Opinión | Desde el umbral
Auriculares
Nos hemos acostumbrado al ruido permanente y el silencio provoca incomodidad

Un joven con su móvil y auriculares.
Los auriculares no son un invento de anteayer. Pero, desde que comenzaron a comercializarse los inalámbricos, su uso se ha extendido de una manera tal que, en determinados entornos y contextos, llegan a contarse más personas con el accesorio inserto en sus pabellones auditivos o situado sobre sus orejas que gente que no lo porta. También desde hace tiempo, la mayoría de los auriculares incorporan micrófono. Y esto hace que sean más versátiles, que su utilidad sea superior, en tanto en cuanto amplía sus posibilidades de uso, permitiendo no solo escuchar sino también hablar para ser escuchado por otra u otras persona. Los auriculares facilitan a cada individuo la escucha de aquello que desee en cada momento sin invadir el hábitat auditivo de quienes le rodean. Es verdad que, si incorporan micrófono y este se utiliza, los comentarios, mensajes de voz o el parloteo de una conversación sí puede interferir en el ecosistema sonoro de quien discurra por nuestro entorno próximo. Pero, en su uso primigenio, resultan favorecedores de la convivencia, dado que permiten que las ondas no invadan el territorio de quien desea mantenerse ajeno a lo que los demás escuchan. También es cierto que los auriculares aíslan a quien los porta y lo abstraen de lo que acontece a su alrededor, pudiendo convertirse hasta en una herramienta de incomunicación y reclusión voluntaria.
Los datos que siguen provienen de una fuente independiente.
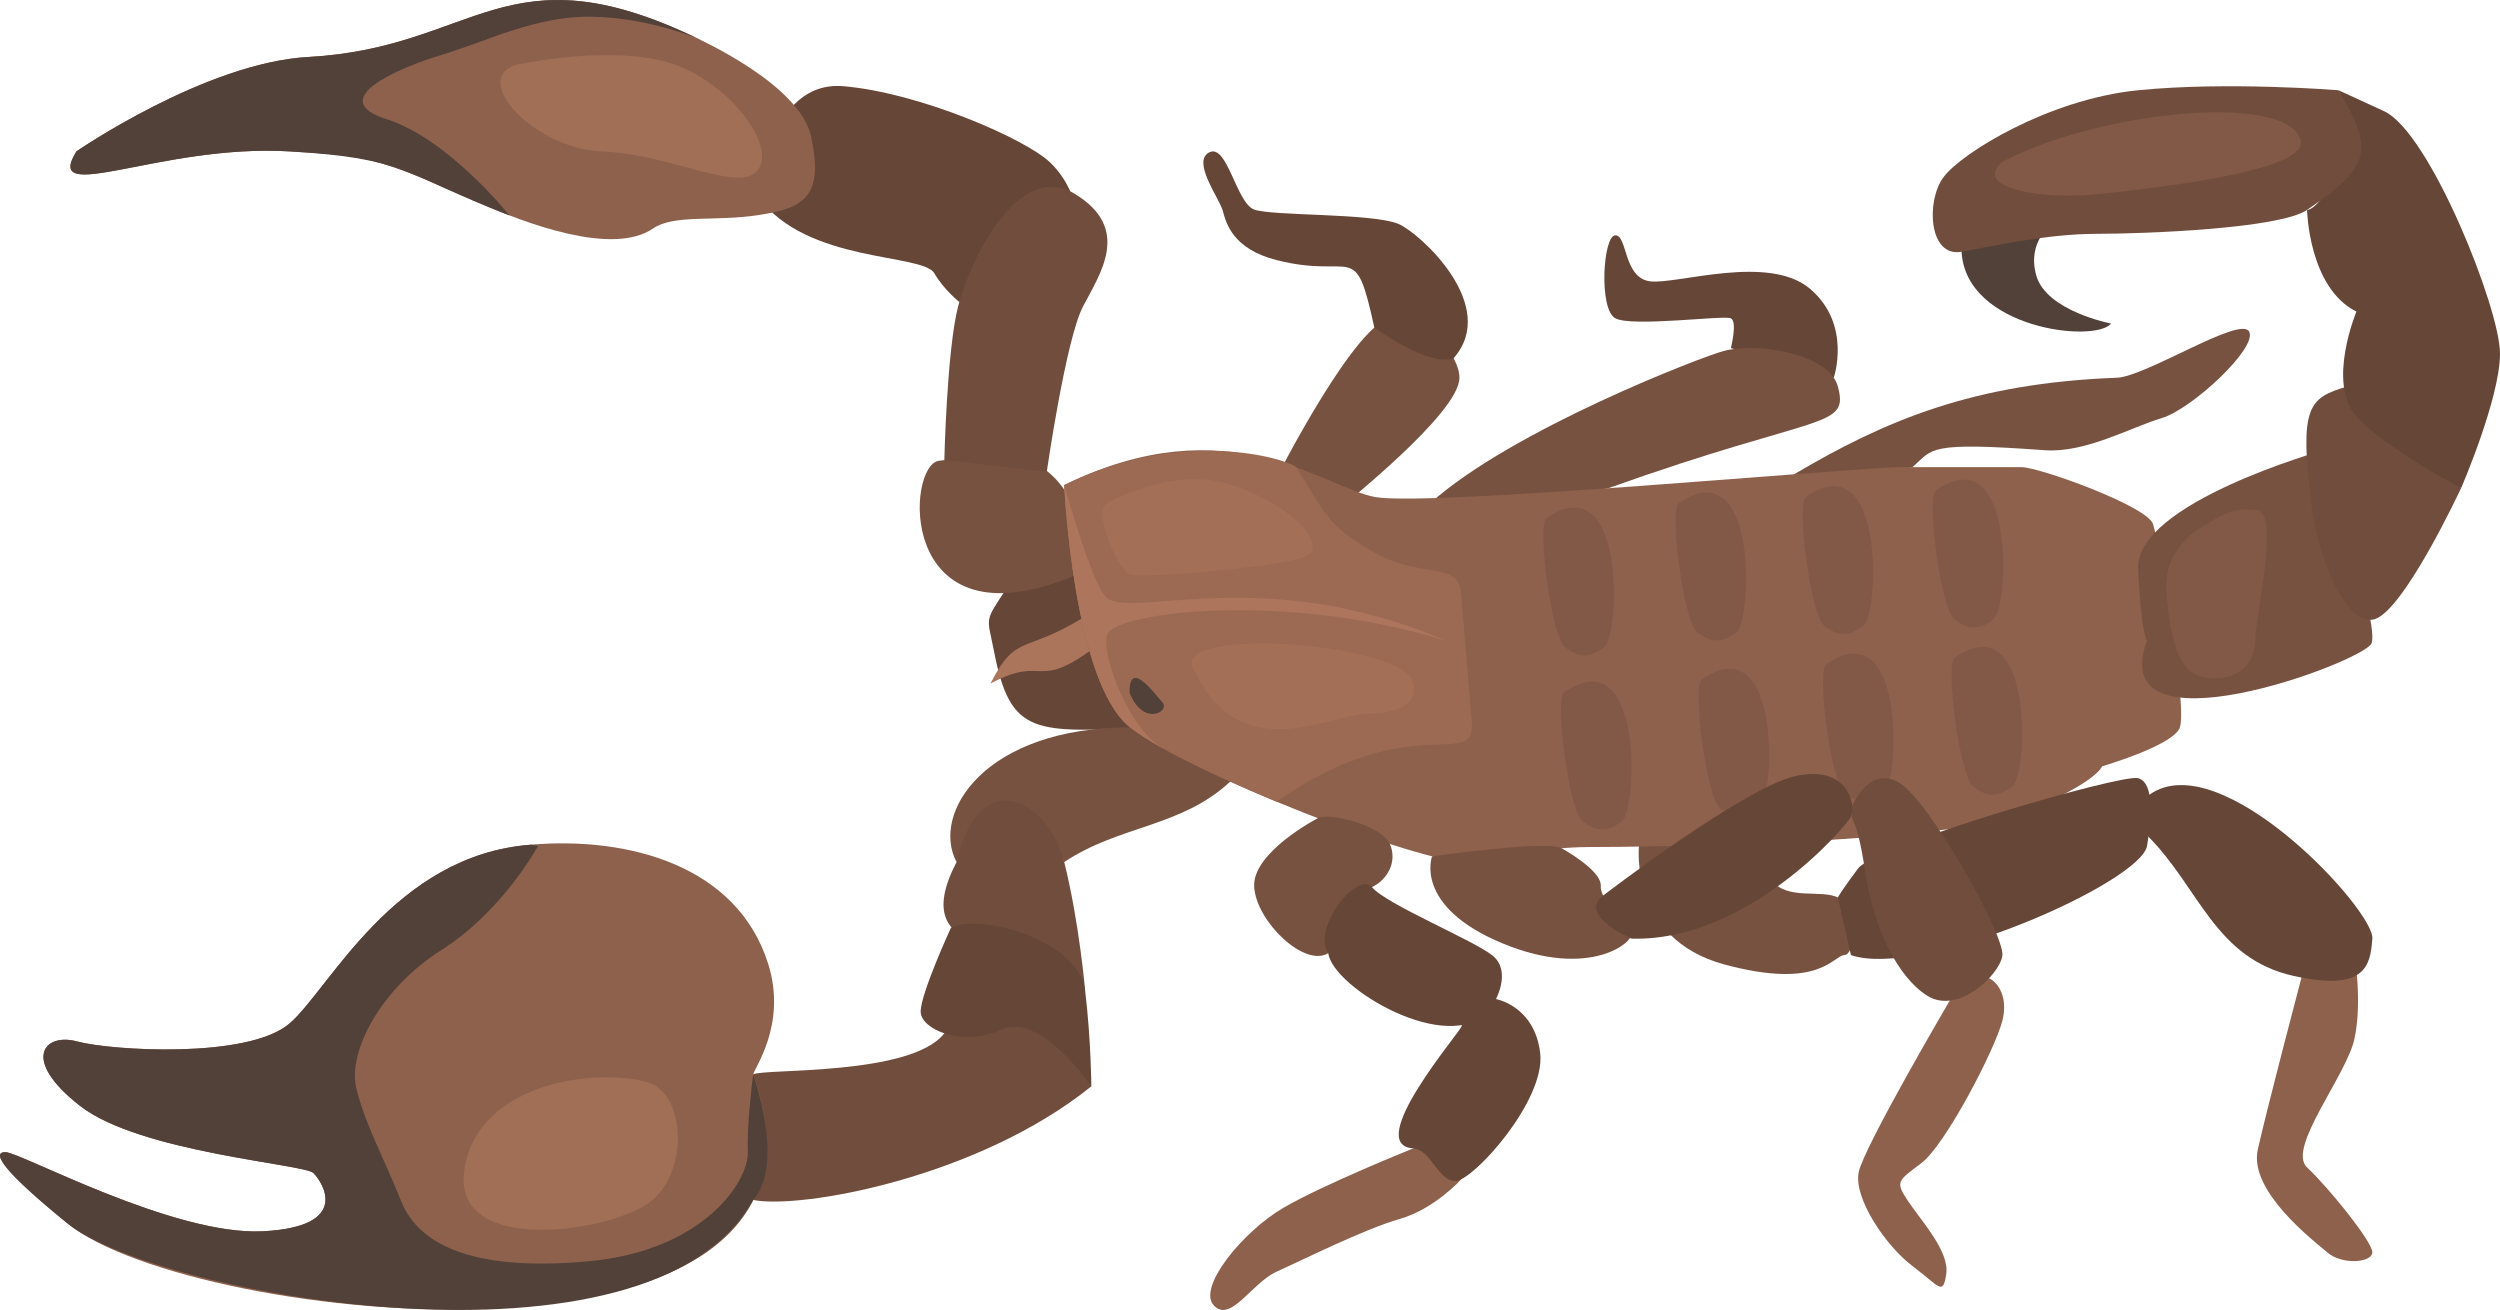 <?xml version="1.0" encoding="UTF-8"?><svg id="Layer_1" xmlns="http://www.w3.org/2000/svg" viewBox="0 0 782 409.75"><defs><style>.cls-1{fill:#ab755b;}.cls-2{fill:#9c6a53;}.cls-3{fill:#664637;}.cls-4{fill:#a36f57;}.cls-5{fill:#ad765c;}.cls-6{fill:#8e614c;}.cls-7{fill:#524139;}.cls-8{fill:#825946;}.cls-9{fill:#785240;}.cls-10{fill:#a16e56;}.cls-11{fill:#704d3c;}</style></defs><g><path class="cls-3" d="m341.38,167.81s-19.77,5.96-26.7,16.49c-6.93,10.53-5.88,8.42-3.78,19.3,5.21,26.9,12.66,25.56,49.68,23.9l-19.2-59.69Z"/><path class="cls-1" d="m342.33,190.92c-21.35,14.39-24.05,6.12-32.51,22.9,17.56-9.41,13.88,3.16,33.94-12.36l-1.43-10.54Z"/><path class="cls-3" d="m300.06,94.46s-4.94-3.98-7.75-8.91c-3.68-6.46-39.8-3.03-55.09-23.88,0,0,2.81-36.76,26.67-34.7,23.86,2.07,56.84,16.45,64.56,23.82,7.72,7.37,8.42,16.6,8.42,16.6l-36.81,27.06Z"/><path class="cls-9" d="m353.48,227.52c-45.52,0-62.37,26.9-54.27,42.13,8.51-23.13,24.65-19.39,33.68,0,17.25-11.54,36.52-10.82,51.92-25.16,5.16-4.8-31.33-16.97-31.33-16.97Z"/><path class="cls-9" d="m332.89,181.32c-52.34,19.72-49.42-35.91-39.18-37.19,16.64-2.08,29.6-4.68,39.26,9.12,0,0,13.06,24.78-.08,28.07Z"/><path class="cls-3" d="m541.42,108.87s2.11-8.25,0-9.3c-2.11-1.05-30.88,2.81-36.14,0-5.26-2.8-3.86-25.96,0-25.96s2.46,13.33,10.88,14.39c8.42,1.05,37.19-8.77,50.17,2.46,12.98,11.23,7.26,27.71,7.26,27.71l-32.17-9.29Z"/><path class="cls-9" d="m399.32,149.39s25.5-50.17,36.26-49.82c10.76.35,20.93,11.23,20.93,18.6,0,11.13-36.48,39.85-41.05,43.86l-16.14-12.63Z"/><path class="cls-3" d="m454.67,112.05c14.52-16.37-10.49-39.08-17.1-41.95-8.07-3.51-39.68-2.46-45.28-4.56-5.6-2.11-8.4-20.7-14.02-17.89-5.61,2.81,3.16,14.39,4.21,18.25,1.05,3.86,3.05,11.93,16.79,15.44,24.59,6.28,24.46-7.14,30.63,21.15,0,0,17.32,12.58,24.78,9.57Z"/><path class="cls-9" d="m447.42,157.36c25.42-22.88,85.35-45.97,91.92-47.62,11.2-2.81,32.84,1.17,35.53,11.11,3.64,13.46-5.51,8.18-71.66,31.81,0,0-54.35,11.96-55.79,4.69Z"/><path class="cls-9" d="m561.1,148.42c28.74-17,56.26-28.58,101.02-30.26,9.12-.34,38.6-19.45,41.4-14.46,2.81,4.99-17.89,24.29-27.37,27.09-9.47,2.81-23.86,10.96-36.49,10.04-36.86-2.67-34.9-.5-41.4,5.28,0,0-38.18,8.35-37.16,2.3Z"/><path class="cls-6" d="m442.08,359.21s-28.02,11.23-40.65,18.6c-12.63,7.37-27.02,24.91-21.75,30.53,5.26,5.61,11.82-7.02,19.59-10.53,7.78-3.51,27.41-13.33,38.47-16.49,11.06-3.16,19.38-12.48,19.38-12.48,0,0-5.96-15.94-15.04-9.62Z"/><path class="cls-6" d="m736.5,298.75s2.46,14.49,0,26.07c-2.46,11.58-21.29,34.38-14.85,40.35,6.43,5.96,20.72,23.51,20.42,26.67-.3,3.16-9.42,3.86-13.98,0-4.56-3.86-24.74-19.3-21.85-32.28,2.9-12.98,13.78-54.26,13.78-54.26,0,0,11.58-12.62,16.49-6.55Z"/><path class="cls-6" d="m626.37,319.21c-2.49,9.47-17.93,38.95-25.3,44.56-7.37,5.61-8.42,5.7-4.21,11.97,4.21,6.27,12.98,15.75,11.93,22.76-1.05,7.02-2.11,3.86-10.53-2.46-8.42-6.32-18.6-21.4-16.84-29.47,1.75-8.07,28.42-53.51,28.42-53.51,8.1-14.68,19.72-6.01,16.52,6.14Z"/><path class="cls-9" d="m512.67,264.6s-3.13,29,26.67,37.07c29.8,8.07,34.01-2.67,37.52-2.92,3.51-.24,3.86-11.72,0-16.51-3.86-4.79-14.45-.67-20.73-5.01-6.29-4.34-29.44-21.79-29.44-21.79l-14.01,9.15Z"/><path class="cls-7" d="m613.58,78.75c1.33,24.04,41.6,28.67,46.78,22.46,0,0-20.17-3.84-23.39-14.97-3.22-11.13,5.61-16.84,5.61-16.84,0,0-31.81-8.42-29.01,9.36Z"/><path class="cls-6" d="m681.74,227.88c-2.81,5.61-24.19,11.81-24.19,11.81,0,0-1.87,5.61-26.19,14.96-24.34,9.36-116.96,10.3-133.81,10.3s-24.32,3.73-38.36,4.67c-13.97.94-87.84-28-105.72-42.1-17.78-14.03-20.59-75.79-20.59-75.79,51.49-25.27,81.47.96,97.3,3.75,17.27,3.04,150.91-9.36,164.68-9.36h37.42c5.61,0,39.3,12.17,41.18,17.78,1.87,5.61,11.08,58.36,8.27,63.98Z"/><path class="cls-9" d="m726.8,140.84s-58.95,16.51-58.01,37.09c.94,20.58,2.8,22.39,2.8,22.39-13.61,36.93,67.23,6.9,70.18,1,2.81-5.61-14.97-60.49-14.97-60.49Z"/><path class="cls-11" d="m734.28,120.86c-12.16,3.65-15.15,6.03-11.23,37.43,1.87,14.97,9.96,36.49,19.01,35.55,9.06-.94,27.77-41.17,27.77-41.17l-35.55-31.81Z"/><path class="cls-3" d="m737.09,97.46s-9.36,22.46,0,32.75c9.36,10.29,32.75,22.46,32.75,22.46,0,0,12.16-28.07,12.16-42.1s-21.99-69.24-36.26-75.79l-14.27-6.55c8.14,16.28-5.43,37.43-9.82,37.43,0,0,.47,24.33,15.44,31.81Z"/><path class="cls-11" d="m731.48,28.23s-34.64-2.81-62.7,0c-28.06,2.81-55.19,19.65-60.81,27.13-5.61,7.48-4.68,25.26,5.61,23.39,10.29-1.87,27.13-5.61,42.1-5.61s57.34-1.58,65.96-7.48c18.57-12.72,21.99-17.78,9.82-37.43Z"/><path class="cls-11" d="m299.21,269.64c-16.47,31.78,21.5,24.15,33.68,34.6l6.55,5.61s-1.87-21.48-6.55-40.21c-4.68-18.73-26.2-31.79-33.68,0Z"/><path class="cls-11" d="m341.38,339.8c-35.66,28.72-91.09,38.5-105.79,35.55,0,0-3.74-37.43,0-39.3,3.74-1.87,49.44.52,59.8-12.84,10.37-13.36,37.63-7.74,45.99,16.58Z"/><path class="cls-6" d="m235.62,336.12c35.81,101-175.32,78.26-214.3,46.72-19.65-15.92-24.32-22.46-19.65-22.46s52.39,26.13,80.46,24.76c28.07-1.38,18.72-15.41,15.92-18.22-2.81-2.81-54.27-6.41-72.98-20.98-18.72-14.57-11.23-22.99-.94-20.18,10.29,2.81,53.33,5.61,66.43-5.61,12.48-10.69,32.57-52.74,75.62-55.94,30.29-2.54,64.36,6.42,74.09,37.23,6.07,19.2-4.65,32.99-4.65,34.68Z"/><path class="cls-9" d="m412.22,255.93s-20.61,10.65-19.91,21.53c.7,10.88,15.79,25.26,23.16,20.7,7.37-4.56,9.12-18.55,13.68-20.68,4.56-2.13,8.09-7.65,5.62-13.49-2.47-5.83-19.17-10-22.55-8.06Z"/><path class="cls-3" d="m415.46,298.16c1.59,11.04,37.84,32.28,50.17,17.99,2.81-3.25,7.02-12.39,1.4-17.12-5.61-4.73-33.68-16.26-37.89-21.55-4.21-5.28-18.92,12.59-13.68,20.68Z"/><path class="cls-3" d="m467.95,312.5s12.07,2.15,13.82,16.89c1.75,14.74-20.7,39.65-26.32,40-5.61.35-7.82-9.82-13.38-10.18-15.88-1,14.91-36.63,15.14-38.23.35-2.47-.98-12.74,10.74-8.48Z"/><path class="cls-9" d="m447.95,267.86s-5.9,15.57,21.86,27.15c27.76,11.58,41.79-.7,40.39-3.16-1.4-2.46-9.82-10.61-9.47-14.61s-7.63-9.28-12.23-11.9-40.54,2.52-40.54,2.52Z"/><path class="cls-3" d="m578.97,298.75c22.24,7.6,90.67-22.76,92.63-34.16,1.4-8.19,2.43-19.79-2.82-21.18-5.25-1.39-82.14,21-87.55,28.22-5.41,7.22-6.35,9.08-6.35,9.08l4.09,18.03Z"/><path class="cls-3" d="m672.35,248.58c22.32-15.92,70.43,36.18,69.72,45.02-.65,8.07-1.7,16.73-24.51,11.7-24.76-5.46-29.53-27.47-45.52-43.56,0,0-3.89-11.4.31-13.15Z"/><path class="cls-11" d="m295.39,143.91s.78-34.18,4.29-48.03c3.51-13.86,18.6-46.13,36.49-35.26,17.89,10.88,7.98,24.9,2.59,35.26-5.39,10.35-11.33,51.72-11.33,51.72l-32.04-3.68Z"/><path class="cls-6" d="m237.22,67.28c-13.68,2.11-26.31-.35-32.98,4.21-12.77,8.72-40.25-1.8-54.38-8.07-32.28-14.39-34.74-14.61-59.3-16.07-40.07-2.4-77.43,17.39-66.66,0,0,0,40.35-27.79,72.63-29.54,52.45-2.85,61.56-34.55,121.41-5.92.33.33,32.18,14.32,35.77,30.83,4.21,19.3-2.81,22.46-16.49,24.56Z"/><path class="cls-3" d="m297.45,290.21s-9.47,20.58-9.47,26.2,13.1,11.23,25.26,5.61c12.16-5.61,28.13,17.78,28.13,17.78,0,0-.07-14.37-1.94-29.94-1.87-15.57-32.52-24.33-41.99-19.65Z"/><path class="cls-7" d="m235.59,375.35c-31.92,58.18-186.75,29.77-214.27,7.5-19.65-15.92-24.32-22.46-19.65-22.46s52.39,26.13,80.46,24.76c28.07-1.38,18.72-15.41,15.92-18.22-2.81-2.81-54.27-6.41-72.98-20.98-18.72-14.57-11.23-22.99-.94-20.18,10.29,2.81,53.33,5.61,66.43-5.61,12.48-10.69,32.57-52.74,75.62-55.94,1.4.24,2.13.39,2.13.39,0,0-11.17,20.53-30.15,32.5-18.97,11.97-29.5,31.89-26.69,43.34,2.81,11.44,8.42,21.28,14.03,35.3,5.61,14.03,23.26,22.09,58.95,18.74,35.69-3.35,49.82-25.05,49.47-34.17-.35-9.12,1.67-24.25,1.67-24.25,0,.1,10.07,27.78,0,39.3Z"/><path class="cls-7" d="m120.97,37.31c19.02,6.02,37.81,29.35,38.4,30.09-34.38-13.34-32-17.85-68.81-20.04-40.07-2.4-77.43,17.39-66.66,0,0,0,40.35-27.79,72.63-29.54,52.45-2.85,61.56-34.55,121.41-5.92.16.16-14.85-6.34-32.78-6.67-17.49-.32-32.98,7.72-46.99,11.93-14.01,4.21-36.52,14.03-17.19,20.15Z"/><path class="cls-2" d="m460.35,225.67c1.32,15.84-18.82-4.53-61.04,25.1-11.68-4.85-36-15.48-45.84-23.26-17.78-14.03-20.59-75.79-20.59-75.79,37.06-18.19,69.83-8.26,72.62-5.5,9.35,14.84,9.36,18.05,24.62,26.71,14.1,8,26.06,2.8,26.84,12.12l3.39,40.61Z"/><path class="cls-8" d="m483.85,162.02c24.7-16.8,22.9,36.41,17.99,40.34-4.42,3.55-8.17,3.47-12.38,0-4.21-3.47-8.84-38.73-5.61-40.34Z"/><path class="cls-8" d="m489.35,216.49c24.7-16.8,22.9,36.41,17.99,40.34-4.42,3.55-8.17,3.47-12.38,0-4.21-3.47-8.84-38.73-5.61-40.34Z"/><path class="cls-8" d="m532.39,212.47c24.7-16.8,22.9,36.41,17.99,40.34-4.42,3.55-8.17,3.47-12.38,0-4.21-3.47-8.84-38.73-5.61-40.34Z"/><path class="cls-8" d="m571.31,207.72c24.7-16.8,22.9,36.41,17.99,40.34-4.42,3.55-8.17,3.47-12.38,0-4.21-3.47-8.84-38.73-5.61-40.34Z"/><path class="cls-8" d="m611.53,205.61c24.7-16.8,22.9,36.41,17.99,40.34-4.42,3.55-8.17,3.47-12.38,0-4.21-3.47-8.84-38.73-5.61-40.34Z"/><path class="cls-8" d="m525.2,157.35c24.7-16.8,22.9,36.41,17.99,40.34-4.42,3.55-8.17,3.47-12.38,0-4.21-3.47-8.84-38.73-5.61-40.34Z"/><path class="cls-8" d="m564.94,155.33c24.7-16.8,22.9,36.41,17.99,40.34-4.42,3.55-8.17,3.47-12.38,0-4.21-3.47-8.84-38.73-5.61-40.34Z"/><path class="cls-8" d="m605.64,153.29c24.7-16.8,22.9,36.41,17.99,40.34-4.42,3.55-8.17,3.47-12.38,0-4.21-3.47-8.84-38.73-5.61-40.34Z"/><path class="cls-3" d="m501.47,280.12s44.16-33.89,60.3-37.4c16.14-3.51,18.95,8.96,17.19,12.73-1.51,3.23-32.66,39.25-68.67,38.15,0,0-16.97-7.39-8.82-13.48Z"/><path class="cls-11" d="m579.38,252.14s5.2-12.93,14.67-7.31c9.47,5.61,33.33,48.05,32.28,54.2-1.05,6.15-13.94,18.4-23.46,12.45-9.52-5.95-16.89-21.74-19.35-38.23-3.17-21.3-5-14.28-4.15-21.11Z"/><path class="cls-7" d="m353.33,216.68c4.34,10.86,12.8,5.8,10.29,3.04-2.34-2.57-10.44-13.88-10.29-3.04Z"/><path class="cls-5" d="m451.96,200.29c-50.25-15.38-102.37-8.9-105.57-1.98-2.41,5.26,6.54,30.2,17.82,36.01-.1.1-7.25-4.05-10.74-6.81-17.78-14.03-20.59-75.79-20.59-75.79,0,0,8.91,32.2,13.5,35.48,8.57,6.09,49.87-10.78,105.57,13.08Z"/><path class="cls-10" d="m145.15,366.86c-2.81,25.34,43.51,18.8,57.07,9.91,13.57-8.89,12.63-35.09,0-38.36-17.47-4.53-54.02.92-57.07,28.46Z"/><path class="cls-10" d="m164.33,19.73s27.6-5.61,45.38,0c17.78,5.61,33.04,25.25,27.51,33.21-5.53,7.96-26.58-4.62-49.03-5.58-22.46-.96-43.55-25.29-23.86-27.63Z"/><path class="cls-8" d="m626.37,50.6c30.92-16.18,89.55-21.7,93.27-6.65,2.34,9.46-43.51,14.64-62.69,16.72-19.18,2.09-40.11-2.12-30.58-10.08Z"/><path class="cls-8" d="m690.63,163.84s-14.24,6.29-12.97,21.38c1.27,15.09,3.61,25.97,12.97,26.84,9.36.87,14.61-4.24,14.79-11.74.18-7.5,7.54-39.59.82-40.62-6.72-1.03-10.05.43-15.61,4.14Z"/></g><path class="cls-4" d="m346.39,157.36s20.26-11.8,38.91-5.63c18.66,6.17,29,17.93,24.17,21.71-4.83,3.78-52.98,7.53-56.15,6.35-3.17-1.19-11.9-20.01-6.93-22.43Z"/><path class="cls-4" d="m373.61,209.81c14.36,30.1,41.24,13.97,54.31,13.43,11.92-.49,15.02-3.87,14.16-9.42-2.02-12.98-77.99-18.36-68.47-4.01Z"/></svg>

Entre unos y otros, a veces uno se pregunta cuánta gente sigue escuchando la melodía del ambiente y de lo que acontece o sucede en rededor, o si alguien sigue disfrutando aún de frecuentes conversaciones atentas y ajenas a las interrupciones que fomenta la tecnología, o de si hay alguien que todavía se detiene a paladear aunque solo sea un instante de silencio
Esto puede ser tremendamente útil en según qué situaciones, pero también indudablemente nocivo o hasta enfermizo si se convierte en una necesidad perentoria para enfrentarse a la presencia o compañía de los demás. Al otro lado de la orilla, encontramos a quienes van con su móvil y sin cascos, radiando todo a los cuatro vientos desde potentes altavoces. No es extraño ver cada vez a más gente joven, y no tan joven, con smartphones pasados de decibelios propagando mensajes personales, temas musicales y la parte sonora de cada vídeo que aparece en la pantalla de su móvil mientras hace scroll por una u otra red social. Entre unos y otros, a veces uno se pregunta cuánta gente sigue escuchando la melodía del ambiente y de lo que acontece o sucede en rededor, o si alguien sigue disfrutando aún de frecuentes conversaciones atentas y ajenas a las interrupciones que fomenta la tecnología, o de si hay alguien que todavía se detiene a paladear aunque solo sea un instante de silencio. Porque nos hemos acostumbrado de un modo tal al sonido envolvente y al ruido permanente que parece que el silencio provoca incomodidad, malestar, tensión y hasta mal rollo.